◆ Task brief ◆
The expected result is an exact restatement of the data, free of pictures.

[Dataset items]
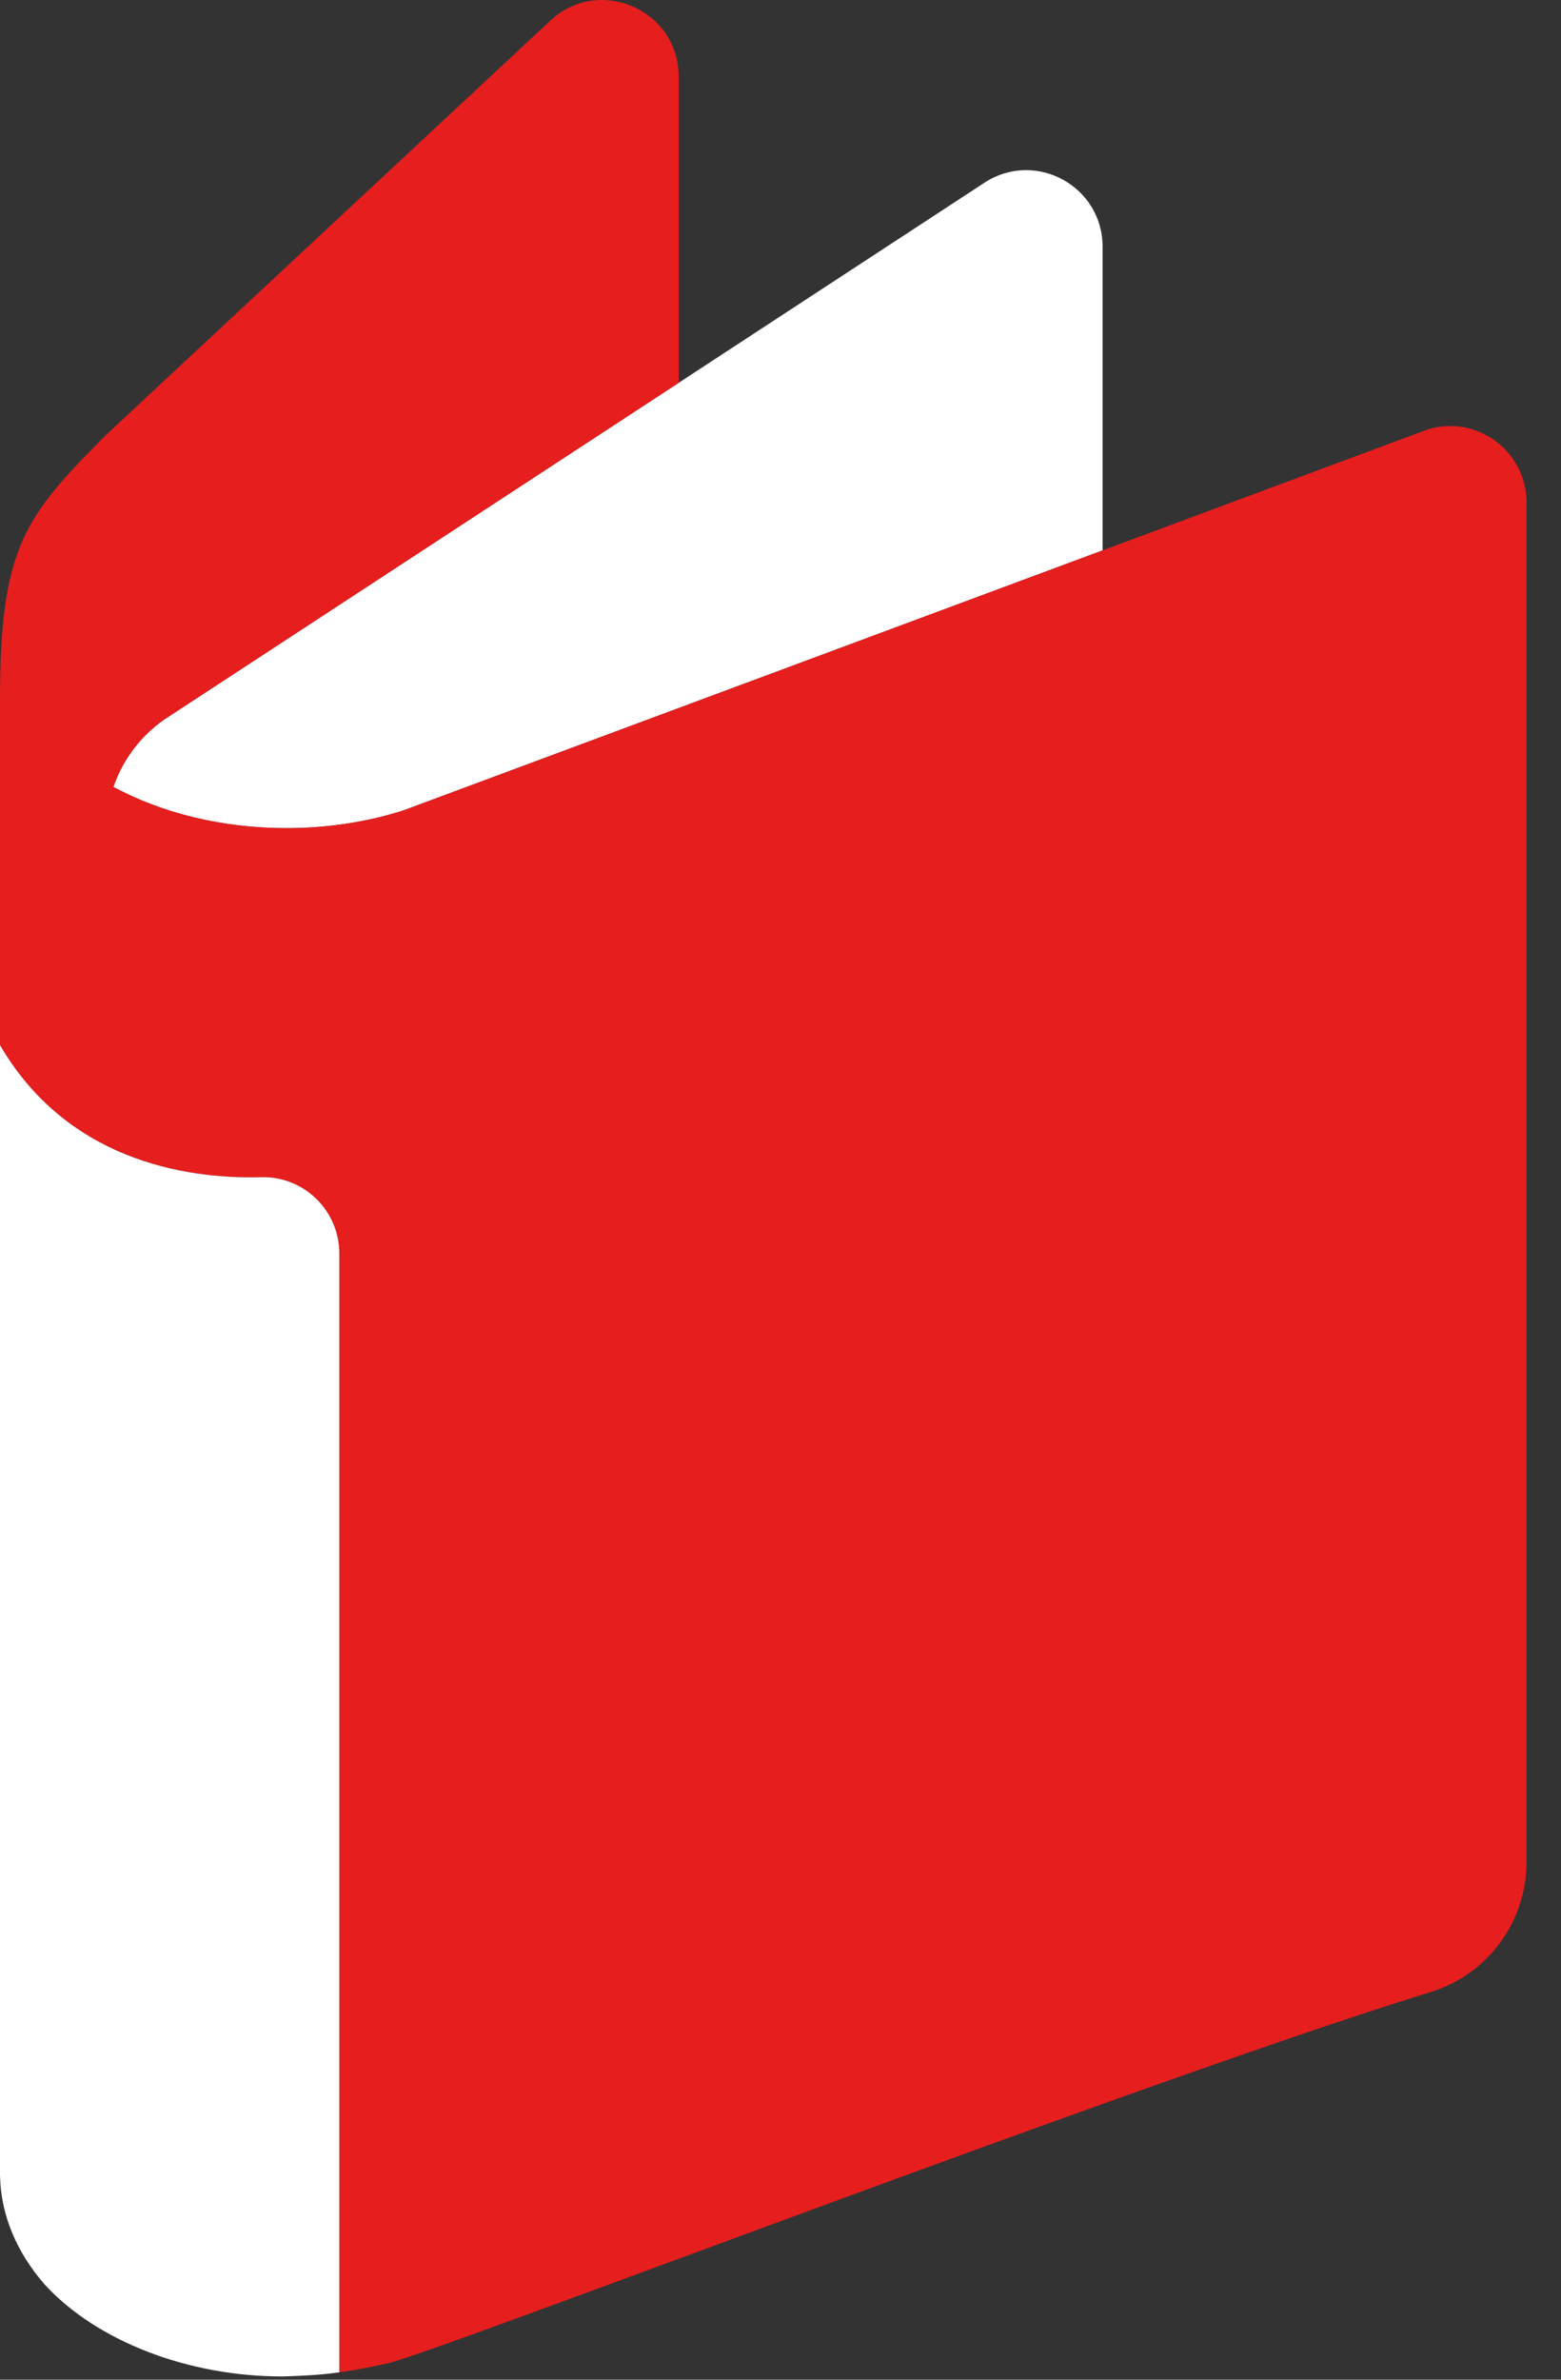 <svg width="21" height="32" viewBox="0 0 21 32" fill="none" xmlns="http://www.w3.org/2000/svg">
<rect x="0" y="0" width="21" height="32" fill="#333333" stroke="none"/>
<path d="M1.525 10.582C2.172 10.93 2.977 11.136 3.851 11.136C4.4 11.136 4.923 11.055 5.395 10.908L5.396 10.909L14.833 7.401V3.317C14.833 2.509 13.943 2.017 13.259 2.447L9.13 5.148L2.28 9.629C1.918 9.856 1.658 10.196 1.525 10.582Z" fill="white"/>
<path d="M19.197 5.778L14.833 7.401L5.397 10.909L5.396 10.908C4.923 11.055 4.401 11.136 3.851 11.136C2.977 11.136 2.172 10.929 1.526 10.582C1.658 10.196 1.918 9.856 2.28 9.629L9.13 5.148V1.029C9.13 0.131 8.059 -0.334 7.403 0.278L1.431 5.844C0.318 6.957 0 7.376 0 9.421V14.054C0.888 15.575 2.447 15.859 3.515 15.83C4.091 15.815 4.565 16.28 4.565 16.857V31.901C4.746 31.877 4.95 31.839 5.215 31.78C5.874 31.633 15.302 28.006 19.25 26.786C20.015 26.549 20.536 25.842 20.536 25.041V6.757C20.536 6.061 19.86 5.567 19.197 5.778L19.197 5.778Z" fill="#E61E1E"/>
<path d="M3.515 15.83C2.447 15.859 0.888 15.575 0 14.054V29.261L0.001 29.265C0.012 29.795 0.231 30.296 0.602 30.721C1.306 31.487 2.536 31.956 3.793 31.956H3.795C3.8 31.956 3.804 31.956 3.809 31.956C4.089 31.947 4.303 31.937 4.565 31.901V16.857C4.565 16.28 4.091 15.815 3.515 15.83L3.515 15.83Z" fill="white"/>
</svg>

◆ Response ◆
 <svg width="21" height="32" viewBox="0 0 21 32" fill="none" xmlns="http://www.w3.org/2000/svg">
<rect x="0" y="0" width="21" height="32" fill="#333333" stroke="none"/>
<path d="M1.525 10.582C2.172 10.93 2.977 11.136 3.851 11.136C4.4 11.136 4.923 11.055 5.395 10.908L5.396 10.909L14.833 7.401V3.317C14.833 2.509 13.943 2.017 13.259 2.447L9.13 5.148L2.28 9.629C1.918 9.856 1.658 10.196 1.525 10.582Z" fill="white"/>
<path d="M19.197 5.778L14.833 7.401L5.397 10.909L5.396 10.908C4.923 11.055 4.401 11.136 3.851 11.136C2.977 11.136 2.172 10.929 1.526 10.582C1.658 10.196 1.918 9.856 2.28 9.629L9.13 5.148V1.029C9.13 0.131 8.059 -0.334 7.403 0.278L1.431 5.844C0.318 6.957 0 7.376 0 9.421V14.054C0.888 15.575 2.447 15.859 3.515 15.83C4.091 15.815 4.565 16.28 4.565 16.857V31.901C4.746 31.877 4.95 31.839 5.215 31.78C5.874 31.633 15.302 28.006 19.25 26.786C20.015 26.549 20.536 25.842 20.536 25.041V6.757C20.536 6.061 19.86 5.567 19.197 5.778L19.197 5.778Z" fill="#E61E1E"/>
<path d="M3.515 15.83C2.447 15.859 0.888 15.575 0 14.054V29.261L0.001 29.265C0.012 29.795 0.231 30.296 0.602 30.721C1.306 31.487 2.536 31.956 3.793 31.956H3.795C3.8 31.956 3.804 31.956 3.809 31.956C4.089 31.947 4.303 31.937 4.565 31.901V16.857C4.565 16.28 4.091 15.815 3.515 15.83L3.515 15.83Z" fill="white"/>
</svg>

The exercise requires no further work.